====== Excerpted data

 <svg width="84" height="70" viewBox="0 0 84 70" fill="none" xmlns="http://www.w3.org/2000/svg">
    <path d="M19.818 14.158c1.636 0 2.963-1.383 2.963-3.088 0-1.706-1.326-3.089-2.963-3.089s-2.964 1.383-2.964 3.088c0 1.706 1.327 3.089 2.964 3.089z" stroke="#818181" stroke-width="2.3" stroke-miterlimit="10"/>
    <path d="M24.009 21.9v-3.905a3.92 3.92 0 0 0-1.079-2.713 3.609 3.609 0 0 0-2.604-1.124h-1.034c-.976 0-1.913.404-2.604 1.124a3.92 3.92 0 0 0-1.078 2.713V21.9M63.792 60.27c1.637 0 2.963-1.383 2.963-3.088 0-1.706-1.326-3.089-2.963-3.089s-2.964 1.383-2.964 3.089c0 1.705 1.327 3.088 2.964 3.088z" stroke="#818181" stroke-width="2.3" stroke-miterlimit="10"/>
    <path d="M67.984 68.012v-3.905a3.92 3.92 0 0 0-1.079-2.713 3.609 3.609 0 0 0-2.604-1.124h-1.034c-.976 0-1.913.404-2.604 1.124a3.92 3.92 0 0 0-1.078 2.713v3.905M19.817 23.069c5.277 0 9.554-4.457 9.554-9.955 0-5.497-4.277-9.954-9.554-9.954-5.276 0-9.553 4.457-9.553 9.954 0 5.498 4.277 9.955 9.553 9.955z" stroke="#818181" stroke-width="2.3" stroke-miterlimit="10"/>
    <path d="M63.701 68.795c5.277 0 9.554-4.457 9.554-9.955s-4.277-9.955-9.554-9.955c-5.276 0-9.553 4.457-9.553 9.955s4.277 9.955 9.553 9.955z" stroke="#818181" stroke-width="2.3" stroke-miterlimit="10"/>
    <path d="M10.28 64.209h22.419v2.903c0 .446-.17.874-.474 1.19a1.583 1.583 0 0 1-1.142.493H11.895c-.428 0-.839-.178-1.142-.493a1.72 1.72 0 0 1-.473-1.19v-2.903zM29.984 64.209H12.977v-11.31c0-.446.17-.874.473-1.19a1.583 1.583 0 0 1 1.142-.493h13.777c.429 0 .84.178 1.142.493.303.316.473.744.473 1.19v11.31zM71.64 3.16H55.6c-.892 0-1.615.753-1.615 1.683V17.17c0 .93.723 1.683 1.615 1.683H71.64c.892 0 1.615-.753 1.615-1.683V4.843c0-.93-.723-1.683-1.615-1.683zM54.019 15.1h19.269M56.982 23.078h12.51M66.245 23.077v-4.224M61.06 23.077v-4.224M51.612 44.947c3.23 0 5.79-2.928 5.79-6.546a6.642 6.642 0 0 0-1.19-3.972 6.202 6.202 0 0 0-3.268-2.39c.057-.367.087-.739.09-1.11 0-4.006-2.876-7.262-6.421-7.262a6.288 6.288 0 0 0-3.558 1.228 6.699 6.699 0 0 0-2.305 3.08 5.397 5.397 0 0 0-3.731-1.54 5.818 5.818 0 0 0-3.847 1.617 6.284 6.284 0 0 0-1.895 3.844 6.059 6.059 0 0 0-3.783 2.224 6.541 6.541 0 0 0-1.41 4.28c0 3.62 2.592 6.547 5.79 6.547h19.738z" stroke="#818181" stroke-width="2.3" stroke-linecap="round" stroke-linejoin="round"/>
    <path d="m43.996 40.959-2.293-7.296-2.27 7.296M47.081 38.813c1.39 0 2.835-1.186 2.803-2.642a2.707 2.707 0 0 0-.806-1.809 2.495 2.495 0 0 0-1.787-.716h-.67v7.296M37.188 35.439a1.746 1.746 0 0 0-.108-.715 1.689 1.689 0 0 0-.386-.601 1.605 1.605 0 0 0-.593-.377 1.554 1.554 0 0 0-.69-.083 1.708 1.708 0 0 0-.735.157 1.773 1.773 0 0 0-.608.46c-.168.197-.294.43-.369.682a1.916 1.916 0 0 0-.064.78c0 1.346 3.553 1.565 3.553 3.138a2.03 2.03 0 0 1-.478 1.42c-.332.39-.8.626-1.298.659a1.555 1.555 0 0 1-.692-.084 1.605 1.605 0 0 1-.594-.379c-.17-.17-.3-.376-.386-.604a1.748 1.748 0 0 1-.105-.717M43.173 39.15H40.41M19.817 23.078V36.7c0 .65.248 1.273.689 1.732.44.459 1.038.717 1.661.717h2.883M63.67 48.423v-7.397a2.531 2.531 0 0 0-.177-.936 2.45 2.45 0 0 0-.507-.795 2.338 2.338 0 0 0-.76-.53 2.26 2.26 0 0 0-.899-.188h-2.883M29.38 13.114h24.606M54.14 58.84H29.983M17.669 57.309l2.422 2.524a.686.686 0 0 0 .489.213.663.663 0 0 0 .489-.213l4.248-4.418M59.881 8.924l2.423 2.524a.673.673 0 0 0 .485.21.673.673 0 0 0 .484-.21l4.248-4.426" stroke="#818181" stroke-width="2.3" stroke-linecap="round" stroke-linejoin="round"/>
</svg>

============

- The task -
Everything from the first line of the data through the line holding "68.795c5.277 0 9.554-4.457" should be output exactly, and no other lines.

- Exercise answer -
 <svg width="84" height="70" viewBox="0 0 84 70" fill="none" xmlns="http://www.w3.org/2000/svg">
    <path d="M19.818 14.158c1.636 0 2.963-1.383 2.963-3.088 0-1.706-1.326-3.089-2.963-3.089s-2.964 1.383-2.964 3.088c0 1.706 1.327 3.089 2.964 3.089z" stroke="#818181" stroke-width="2.3" stroke-miterlimit="10"/>
    <path d="M24.009 21.9v-3.905a3.92 3.92 0 0 0-1.079-2.713 3.609 3.609 0 0 0-2.604-1.124h-1.034c-.976 0-1.913.404-2.604 1.124a3.92 3.92 0 0 0-1.078 2.713V21.9M63.792 60.27c1.637 0 2.963-1.383 2.963-3.088 0-1.706-1.326-3.089-2.963-3.089s-2.964 1.383-2.964 3.089c0 1.705 1.327 3.088 2.964 3.088z" stroke="#818181" stroke-width="2.3" stroke-miterlimit="10"/>
    <path d="M67.984 68.012v-3.905a3.92 3.92 0 0 0-1.079-2.713 3.609 3.609 0 0 0-2.604-1.124h-1.034c-.976 0-1.913.404-2.604 1.124a3.92 3.92 0 0 0-1.078 2.713v3.905M19.817 23.069c5.277 0 9.554-4.457 9.554-9.955 0-5.497-4.277-9.954-9.554-9.954-5.276 0-9.553 4.457-9.553 9.954 0 5.498 4.277 9.955 9.553 9.955z" stroke="#818181" stroke-width="2.3" stroke-miterlimit="10"/>
    <path d="M63.701 68.795c5.277 0 9.554-4.457 9.554-9.955s-4.277-9.955-9.554-9.955c-5.276 0-9.553 4.457-9.553 9.955s4.277 9.955 9.553 9.955z" stroke="#818181" stroke-width="2.3" stroke-miterlimit="10"/>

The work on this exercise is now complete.